The tribe said Thursday even though historic drought is the primary cause of the lack of water, previous BOR water allocation decision led to the widespread fish kill.

The Yurok said it could have been prevented with a flow increase.

“Right now, the Klamath River is full of dead and dying fish on the Yurok Reservation,” Frankie Myers, the Yurok Tribe’s Vice Chairman, said. “This disease will kill most of the baby salmon in the Klamath, which will impact fish runs for many years to come. For salmon people, a juvenile fish kill is an absolute worst-case scenario.”

The Tribe said every year its fisheries department monitors the Klamath River for the deadly pathogen Ceratonova shasta. The Yurok said the monitoring crew uses a device called a rotary screw trap to collect live fish for the annual disease assessment.

During the last two weeks, the Yurok said more than 70 percent of the juvenile Chinook salmon in the trap were dead. The tribe said this is extremely abnormal.
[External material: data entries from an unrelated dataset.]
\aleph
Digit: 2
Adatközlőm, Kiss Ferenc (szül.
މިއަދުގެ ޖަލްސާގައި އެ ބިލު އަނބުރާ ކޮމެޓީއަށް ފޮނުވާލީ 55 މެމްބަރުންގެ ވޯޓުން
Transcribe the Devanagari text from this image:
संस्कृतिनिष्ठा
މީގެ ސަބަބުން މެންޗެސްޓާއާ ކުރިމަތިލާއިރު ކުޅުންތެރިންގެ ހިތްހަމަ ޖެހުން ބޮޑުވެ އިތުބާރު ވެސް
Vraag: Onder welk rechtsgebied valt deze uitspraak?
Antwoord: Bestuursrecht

According to the Yurok, available scientific information leads to the conclusion that these fish died from C. shasta. The tribe said large numbers of dead fish were also encountered at upriver monitoring sites.
On May 4, the most recent date for which data is available, the Yurok said 97% of the juvenile salmon captured between the Shasta River and Scott River stretch of the Klamath were infected with C. Shasta and will be dead within days.

“We are watching a massive fish kill unfold in real-time,” said Yurok Fisheries Department Director Barry McCovey Jr, a Yurok citizen who has studied fish disease on the Klamath for more than two decades. “The juvenile fish kill will limit salmon production for many years to come. It will also negatively impact many other native species, ranging from orcas to osprey, because salmon play such an essential role in the overall ecosystem.”
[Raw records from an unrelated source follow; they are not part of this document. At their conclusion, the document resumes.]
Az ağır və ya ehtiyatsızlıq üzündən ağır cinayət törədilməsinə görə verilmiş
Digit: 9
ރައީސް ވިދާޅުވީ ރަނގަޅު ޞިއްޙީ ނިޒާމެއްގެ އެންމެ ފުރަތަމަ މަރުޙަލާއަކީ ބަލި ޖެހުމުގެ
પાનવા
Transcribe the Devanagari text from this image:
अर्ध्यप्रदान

Since time immemorial, the Yurok said the tribe's lifeway has revolved around the Klamath River salmon runs.

"This invaluable species is integral to the Tribe’s traditions and ceremonies," the Yurok said in a press release. "Prior to the fisheries collapse, salmon were an important source of sustenance for thousands of Yurok citizens."
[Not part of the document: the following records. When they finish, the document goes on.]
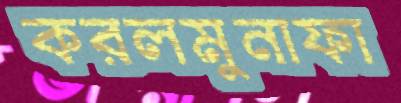
করলমুনাফা
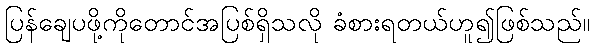
ပြန်ချေပဖို့ကိုတောင်အပြစ်ရှိသလို ခံစားရတယ်ဟူ၍ဖြစ်သည်။
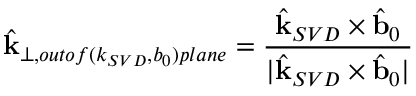
\hat { \mathbf { k } } _ { \perp , o u t o f ( k _ { S V D } , b _ { 0 } ) p l a n e } = \frac { \hat { \mathbf { k } } _ { S V D } \times \hat { \mathbf { b } } _ { 0 } } { | \hat { \mathbf { k } } _ { S V D } \times \hat { \mathbf { b } } _ { 0 } | }

According to tribal officials, during the last five years, the Klamath fish runs have been some of the lowest on record and the tribe has not been able to harvest enough fish to meet its subsistence or ceremonial needs, let alone implement a commercial catch. The Yurok said this year’s adult salmon forecast is also very low and the Tribe cancelled its commercial fishery for a fifth time to protect struggling fish stocks.

The Yurok said on the Reservation, where the median income is $11,000, many tribal families rely on the fishery to pay basic bills.

Tribal officials said other communities throughout the Klamath Basin are facing serious hardships as a result of the drought.

"Farm communities and our upstream neighbors, the Klamath Tribes, are also feeling the pinch this year," the tribe said.

In addition to the hardship brought by low flows on the mainstem Klamath, the Yurok said the fish in the Shasta and Scott Rivers are also facing dire conditions and loss of year class. In the Scott River, unless groundwater extraction is moderated, tribal officials said it is a virtual certainty that Chinook and Coho salmon will not be able to reach their spawning grounds due to insufficient flows for migration.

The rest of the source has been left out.